Tuesday, October 2, 2012

Some thoughts on empathy for the "me, myself and I"


                                          

 When I  think of the things this world might need the most, empathy comes to my mind. Empathy is kind of a gentle power (gentle vs. soft which often means simply getting your way in a nicely-coated fashion)- the power to change how we feel in this world, and how we are with other people.

To me empathy is  for example trying to listen to the other person first before making a judgment, or at least noticing the judgment when it comes, and talking to yourself in a loving way. 

I wonder why sometimes being empathic toward yourself is so hard. It's easy to be over-critical ("I always screw up"), it's no so hard to be sympathetic ("Poor me"). 
But it's not so easy being  a gentle observer of oneself: (''Hmm I am not feeling so great right now, because I did something I didn't like, but maybe there is something I could do about this?")

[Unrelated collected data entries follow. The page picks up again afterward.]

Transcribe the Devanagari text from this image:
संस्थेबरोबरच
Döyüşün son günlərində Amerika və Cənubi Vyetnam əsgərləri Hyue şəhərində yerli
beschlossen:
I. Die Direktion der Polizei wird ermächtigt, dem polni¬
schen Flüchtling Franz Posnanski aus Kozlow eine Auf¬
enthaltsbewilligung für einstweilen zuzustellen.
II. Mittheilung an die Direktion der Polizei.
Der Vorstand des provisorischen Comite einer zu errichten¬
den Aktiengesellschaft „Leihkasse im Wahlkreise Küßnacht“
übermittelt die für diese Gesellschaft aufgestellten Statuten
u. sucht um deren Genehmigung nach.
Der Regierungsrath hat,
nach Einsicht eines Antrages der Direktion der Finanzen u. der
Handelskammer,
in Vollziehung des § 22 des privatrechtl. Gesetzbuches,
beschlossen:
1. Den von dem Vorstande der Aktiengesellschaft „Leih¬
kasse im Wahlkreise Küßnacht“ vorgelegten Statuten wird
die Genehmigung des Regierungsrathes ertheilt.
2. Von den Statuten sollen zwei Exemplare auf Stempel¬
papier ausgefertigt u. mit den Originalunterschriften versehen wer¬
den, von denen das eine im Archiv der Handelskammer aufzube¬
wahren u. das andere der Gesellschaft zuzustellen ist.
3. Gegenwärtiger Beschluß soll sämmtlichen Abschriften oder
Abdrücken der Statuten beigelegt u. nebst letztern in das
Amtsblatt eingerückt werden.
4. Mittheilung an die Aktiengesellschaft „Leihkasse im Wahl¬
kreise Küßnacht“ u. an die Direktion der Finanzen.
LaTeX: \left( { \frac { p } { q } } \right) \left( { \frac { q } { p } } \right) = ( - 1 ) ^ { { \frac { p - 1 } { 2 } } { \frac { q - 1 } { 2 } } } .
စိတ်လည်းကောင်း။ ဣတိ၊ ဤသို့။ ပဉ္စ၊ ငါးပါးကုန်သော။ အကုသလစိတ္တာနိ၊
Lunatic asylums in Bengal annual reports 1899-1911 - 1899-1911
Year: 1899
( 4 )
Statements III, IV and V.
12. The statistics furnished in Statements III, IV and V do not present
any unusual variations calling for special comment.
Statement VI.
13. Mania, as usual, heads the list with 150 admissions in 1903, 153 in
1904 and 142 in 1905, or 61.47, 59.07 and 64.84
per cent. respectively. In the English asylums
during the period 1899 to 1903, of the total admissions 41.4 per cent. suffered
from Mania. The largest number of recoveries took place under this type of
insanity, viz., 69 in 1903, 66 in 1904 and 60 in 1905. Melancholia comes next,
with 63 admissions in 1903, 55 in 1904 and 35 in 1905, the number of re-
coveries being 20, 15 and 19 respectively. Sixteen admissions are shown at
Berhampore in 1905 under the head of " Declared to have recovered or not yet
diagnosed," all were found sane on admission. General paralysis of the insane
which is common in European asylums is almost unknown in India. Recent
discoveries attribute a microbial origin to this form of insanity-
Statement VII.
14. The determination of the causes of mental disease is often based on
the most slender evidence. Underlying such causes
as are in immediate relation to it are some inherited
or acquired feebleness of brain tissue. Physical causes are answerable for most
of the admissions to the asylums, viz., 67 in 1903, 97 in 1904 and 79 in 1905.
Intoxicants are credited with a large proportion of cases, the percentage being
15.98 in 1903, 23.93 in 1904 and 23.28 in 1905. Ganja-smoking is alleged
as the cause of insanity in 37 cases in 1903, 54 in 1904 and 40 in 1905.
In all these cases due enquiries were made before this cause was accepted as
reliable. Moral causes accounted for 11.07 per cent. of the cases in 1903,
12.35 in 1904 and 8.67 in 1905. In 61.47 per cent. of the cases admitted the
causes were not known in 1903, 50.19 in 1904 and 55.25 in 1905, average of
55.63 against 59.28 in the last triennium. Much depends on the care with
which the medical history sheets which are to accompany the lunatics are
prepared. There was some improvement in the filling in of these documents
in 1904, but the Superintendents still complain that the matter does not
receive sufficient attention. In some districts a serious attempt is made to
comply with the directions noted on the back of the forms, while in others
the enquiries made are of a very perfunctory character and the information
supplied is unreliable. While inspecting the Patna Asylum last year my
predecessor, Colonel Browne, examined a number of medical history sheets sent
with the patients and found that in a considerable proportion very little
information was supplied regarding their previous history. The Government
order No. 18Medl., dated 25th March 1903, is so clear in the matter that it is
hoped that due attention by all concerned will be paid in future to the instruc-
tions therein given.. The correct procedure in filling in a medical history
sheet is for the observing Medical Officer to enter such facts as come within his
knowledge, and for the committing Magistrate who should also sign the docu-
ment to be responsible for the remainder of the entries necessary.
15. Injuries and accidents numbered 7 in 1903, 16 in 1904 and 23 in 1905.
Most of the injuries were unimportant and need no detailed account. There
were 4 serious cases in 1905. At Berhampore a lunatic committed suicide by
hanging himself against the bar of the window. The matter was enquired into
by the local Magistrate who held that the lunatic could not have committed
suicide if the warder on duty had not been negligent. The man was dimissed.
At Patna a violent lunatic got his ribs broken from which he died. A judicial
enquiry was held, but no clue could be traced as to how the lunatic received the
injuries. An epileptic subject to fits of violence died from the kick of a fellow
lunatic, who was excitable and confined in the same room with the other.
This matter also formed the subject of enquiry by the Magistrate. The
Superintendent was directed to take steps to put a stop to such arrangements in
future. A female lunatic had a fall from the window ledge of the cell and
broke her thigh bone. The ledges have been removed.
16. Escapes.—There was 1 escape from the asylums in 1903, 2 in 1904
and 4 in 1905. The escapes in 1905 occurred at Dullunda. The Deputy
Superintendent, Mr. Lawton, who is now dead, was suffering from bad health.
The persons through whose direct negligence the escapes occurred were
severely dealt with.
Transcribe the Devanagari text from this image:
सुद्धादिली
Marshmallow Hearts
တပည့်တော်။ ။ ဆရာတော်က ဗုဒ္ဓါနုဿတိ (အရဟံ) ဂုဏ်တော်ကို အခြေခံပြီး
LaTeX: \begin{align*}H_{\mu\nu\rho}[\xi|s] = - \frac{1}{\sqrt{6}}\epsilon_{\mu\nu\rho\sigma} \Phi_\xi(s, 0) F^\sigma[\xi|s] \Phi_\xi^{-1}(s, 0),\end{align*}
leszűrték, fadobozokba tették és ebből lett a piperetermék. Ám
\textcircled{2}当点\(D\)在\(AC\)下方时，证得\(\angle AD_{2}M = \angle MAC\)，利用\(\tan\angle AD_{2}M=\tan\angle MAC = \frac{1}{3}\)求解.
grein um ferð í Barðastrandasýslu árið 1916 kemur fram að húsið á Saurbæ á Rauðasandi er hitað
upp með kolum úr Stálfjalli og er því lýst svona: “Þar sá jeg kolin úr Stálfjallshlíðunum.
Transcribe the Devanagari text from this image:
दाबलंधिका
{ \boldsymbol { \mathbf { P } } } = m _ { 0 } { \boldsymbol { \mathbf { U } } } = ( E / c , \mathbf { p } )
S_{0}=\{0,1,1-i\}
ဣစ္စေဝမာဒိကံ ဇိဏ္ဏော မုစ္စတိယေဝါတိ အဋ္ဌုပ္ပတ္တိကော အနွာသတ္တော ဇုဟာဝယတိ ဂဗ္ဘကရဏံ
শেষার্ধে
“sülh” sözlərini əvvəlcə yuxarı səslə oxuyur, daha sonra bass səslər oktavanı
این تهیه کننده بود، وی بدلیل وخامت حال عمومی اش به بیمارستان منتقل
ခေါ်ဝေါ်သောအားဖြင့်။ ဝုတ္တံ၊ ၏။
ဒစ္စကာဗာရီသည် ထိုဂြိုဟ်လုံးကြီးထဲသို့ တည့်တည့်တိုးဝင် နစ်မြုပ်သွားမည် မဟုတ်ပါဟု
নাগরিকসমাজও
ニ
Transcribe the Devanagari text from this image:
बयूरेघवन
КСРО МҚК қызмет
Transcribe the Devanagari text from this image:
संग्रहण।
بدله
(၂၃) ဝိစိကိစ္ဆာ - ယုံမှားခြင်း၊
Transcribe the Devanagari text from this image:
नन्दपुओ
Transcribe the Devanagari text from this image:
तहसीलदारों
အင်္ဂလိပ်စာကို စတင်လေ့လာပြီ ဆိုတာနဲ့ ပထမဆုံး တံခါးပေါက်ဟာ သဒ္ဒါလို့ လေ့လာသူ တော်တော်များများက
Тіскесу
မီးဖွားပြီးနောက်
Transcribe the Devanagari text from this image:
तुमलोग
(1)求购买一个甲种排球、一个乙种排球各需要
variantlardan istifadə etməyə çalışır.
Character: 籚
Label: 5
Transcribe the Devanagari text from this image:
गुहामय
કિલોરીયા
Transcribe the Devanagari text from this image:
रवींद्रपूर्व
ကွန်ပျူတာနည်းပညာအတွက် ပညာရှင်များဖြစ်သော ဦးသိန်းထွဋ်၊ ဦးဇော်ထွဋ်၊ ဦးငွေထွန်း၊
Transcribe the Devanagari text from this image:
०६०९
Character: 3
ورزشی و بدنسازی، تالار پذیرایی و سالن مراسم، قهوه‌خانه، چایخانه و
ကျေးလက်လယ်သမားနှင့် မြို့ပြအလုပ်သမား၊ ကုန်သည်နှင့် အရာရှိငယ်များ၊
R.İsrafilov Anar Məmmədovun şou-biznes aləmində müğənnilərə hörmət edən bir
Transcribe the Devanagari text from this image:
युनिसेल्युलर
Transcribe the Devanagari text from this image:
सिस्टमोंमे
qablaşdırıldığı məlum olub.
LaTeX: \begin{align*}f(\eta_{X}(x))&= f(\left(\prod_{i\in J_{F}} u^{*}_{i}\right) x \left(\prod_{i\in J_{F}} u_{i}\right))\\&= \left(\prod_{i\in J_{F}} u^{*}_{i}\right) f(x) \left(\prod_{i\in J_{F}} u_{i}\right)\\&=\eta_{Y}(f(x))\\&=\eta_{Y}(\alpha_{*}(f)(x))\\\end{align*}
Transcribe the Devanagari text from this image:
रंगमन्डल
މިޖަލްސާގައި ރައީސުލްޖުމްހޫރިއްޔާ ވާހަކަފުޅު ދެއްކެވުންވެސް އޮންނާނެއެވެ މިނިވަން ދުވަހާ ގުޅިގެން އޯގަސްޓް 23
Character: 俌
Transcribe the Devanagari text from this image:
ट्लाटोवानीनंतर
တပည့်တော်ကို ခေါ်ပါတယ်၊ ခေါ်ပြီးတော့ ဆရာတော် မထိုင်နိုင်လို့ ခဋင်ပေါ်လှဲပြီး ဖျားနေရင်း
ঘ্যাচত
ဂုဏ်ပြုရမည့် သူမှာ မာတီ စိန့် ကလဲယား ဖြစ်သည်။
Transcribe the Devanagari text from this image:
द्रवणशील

This has been puzzling me, because I have been practicing empathy in many ways and I am becoming acutely aware of situations when my "I-need-empathy-alert" goes on. But empathy seems a gentle remedy, and in situations when my inner critic goes wild or my pity party wailing voices sing, I want to be drugged. "Let's pretend it never happened", "It just doesn't make sense"

I have felt the positive effects of self-empathy, it calms and soothes  the "me, myself and I" and makes me look around and ahead. But it takes time to absorb it, to learn to talk to myself this way.

So even though self-empathy can be spontaneous, is always there if I take the effort to switch my thoughts and words, but it's not a quick fix once for all, rather something that is (at least for now)  conscious decision and effort.